We seem to be All-Bannon-All-The-Time this morning (see these posts by by colleagues Susan Wright and Joe Cunningham), but this is just too good to let pass.
Over the years, Trump campaign manager Steve Bannon’s alt-right advocacy site, Breitbart.com, has carried on a very energetic attack on vote fraud. (See their coverage here.) So it is more than a little ironic to find out that Bannon, himself, appears to be an active participant in vote fraud:
Donald Trump’s new presidential campaign chief is registered to vote in a key swing state at an empty house where he does not live, in an apparent breach of election laws.
Stephen Bannon, the chief executive of Trump’s election campaign, has an active voter registration at the house in Miami-Dade County, Florida, which is vacant and due to be demolished to make way for a new development.
“I have emptied the property,” Luis Guevara, the owner of the house, which is in the Coconut Grove section of the city, said in an interview. “Nobody lives there … we are going to make a construction there.” Neighbors said the property had been abandoned for several months.

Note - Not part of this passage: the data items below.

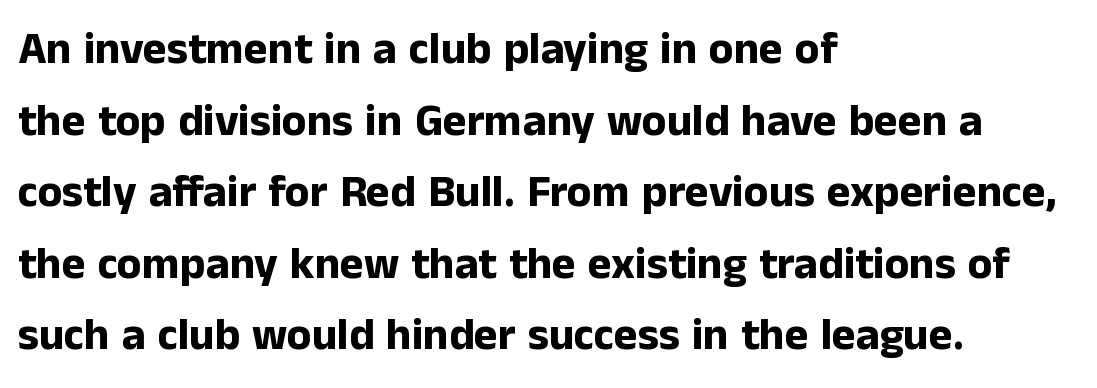
The image shows 45 px bold sans-serif type, upright; set left-aligned, normal line spacing (1.59x), normal letter spacing, not underlined; low stroke contrast and a medium x-height.
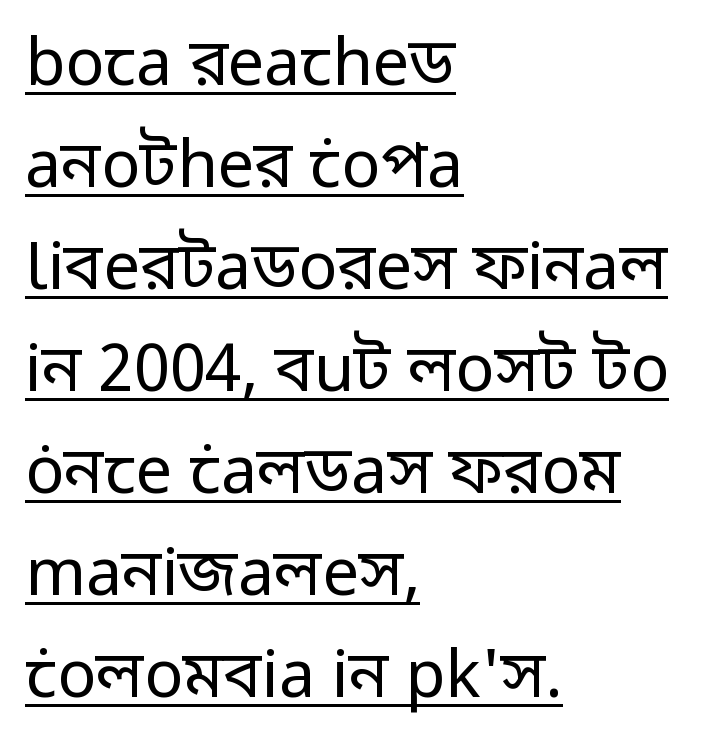
This is sans-serif lettering, the kind often seen on screens and signage. The typography opts for an upright posture over an oblique one. These glyphs show unthickened strokes, regular width or finer. The designer left line spacing at the default. Note the varied advance widths — an 'i' is clearly narrower than an 'm'.
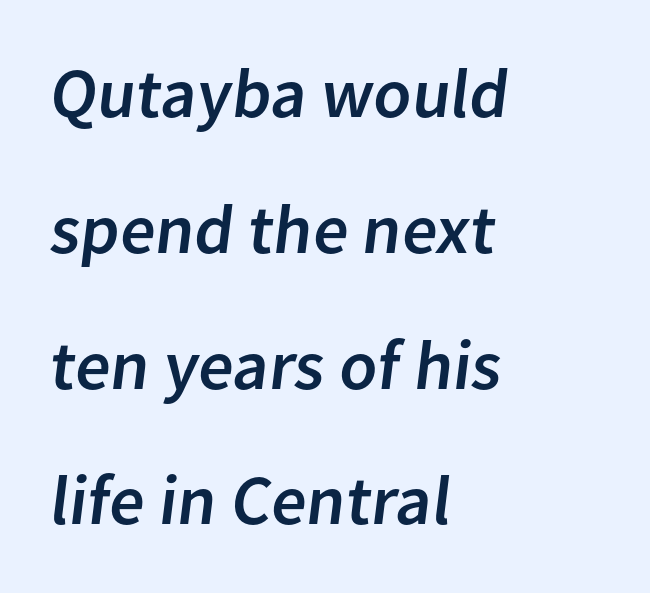
The image shows 70 px sans-serif type; set left-aligned, loose line spacing (1.94x), normal letter spacing, not underlined; low stroke contrast and a medium x-height.
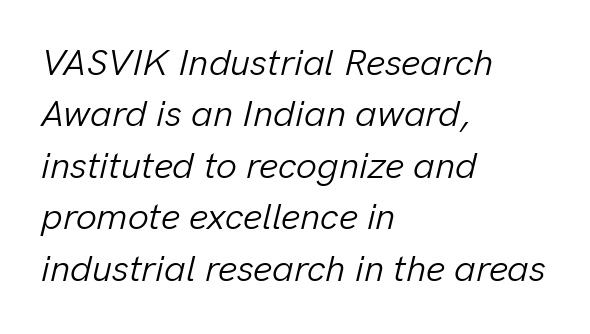
Q: Is the text bold? A: No.
Q: Is the text italic (slanted)? A: Yes, it leans right by about 13 degrees.
Q: Is the text underlined? A: No.
Q: How is the paragraph aligned? A: Left-aligned.
Q: Is the spacing between letters normal or unusually wide? A: Normal.
Q: Is the spacing between lines tight, normal or loose? A: Normal.
Q: Width (condensed, normal, or wide)? A: Normal.
Q: Stroke contrast? A: Low.
Q: x-height? A: Medium.
Q: Monospaced? A: No.
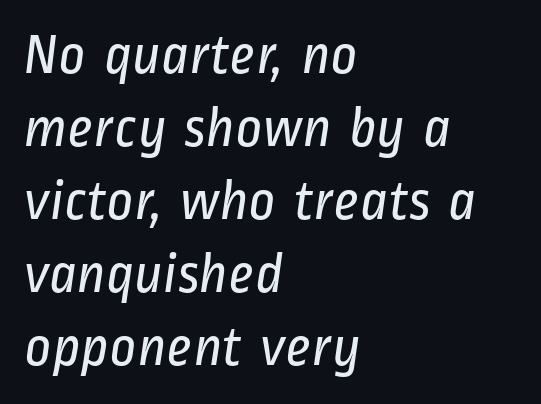
{"serif": "no", "bold": "no", "weight": "regular", "width": "condensed", "stroke_contrast": "low", "x_height": "medium", "monospaced": "no", "underline": "no", "align": "left", "line_spacing": "normal", "line_spacing_ratio": 1.26, "letter_spacing": "normal", "letter_spacing_em": 0.0, "glyph_px": 58}
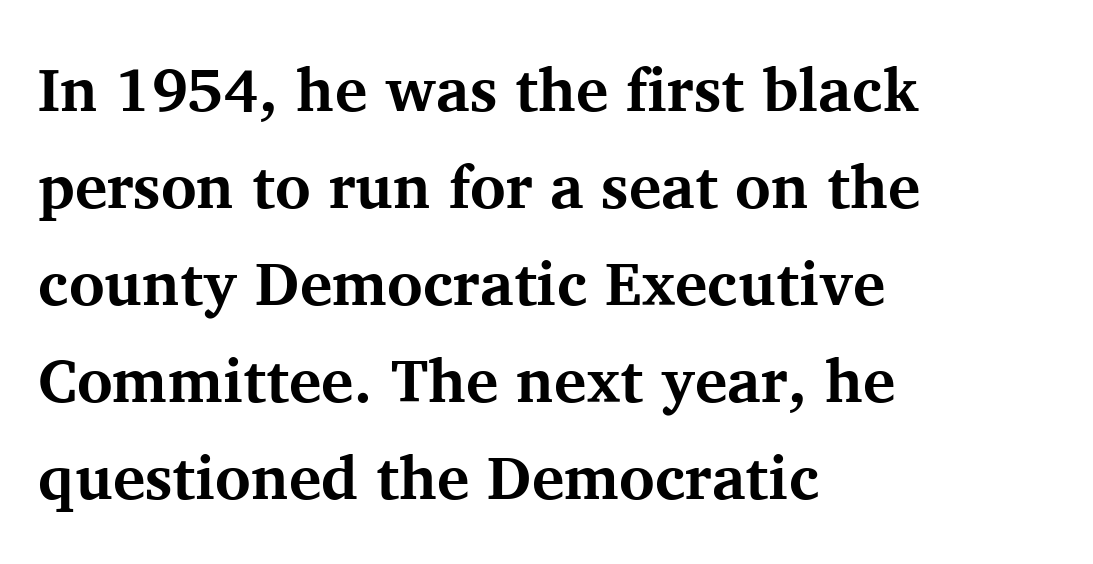
The image shows 61 px bold serif type, upright; set left-aligned, normal line spacing (1.59x), normal letter spacing, not underlined; medium stroke contrast and a medium x-height.

Bannon, 62, formerly rented the house for use by his ex-wife, Diane Clohesy, but did not live there himself. Clohesy, a Tea Party activist, moved out of the house earlier this year and has her own irregular voting registration arrangement. According to public records, Bannon and Clohesy divorced seven years ago.
Bannon previously rented another house for Clohesy in Miami from 2013 to 2015 and assigned his voter registration to the property during that period. But a source with direct knowledge of the rental agreement for this house said Bannon did not live there either, and that Bannon and Clohesy were not in a relationship.
Bannon, Clohesy and Trump’s campaign repeatedly declined to answer detailed questions about Bannon’s voting arrangements. Jason Miller, a Trump campaign spokesman, eventually said in an email: “Mr Bannon moved to another location in Florida.” Miller declined to answer further questions.
Bannon’s gobsmacking hypocrisy and sense of entitlement doesn’t detract from the problem of vote fraud and the damage that vote fraud does to the perception that elections are free and fair. What is does mean is that increasingly we are seeing no daylight in the personal ethics of the Trump camp and those of the Clinton camp. Both are wildly unethical and in politics for the money and the self-dealing that potentially accompanies electoral success.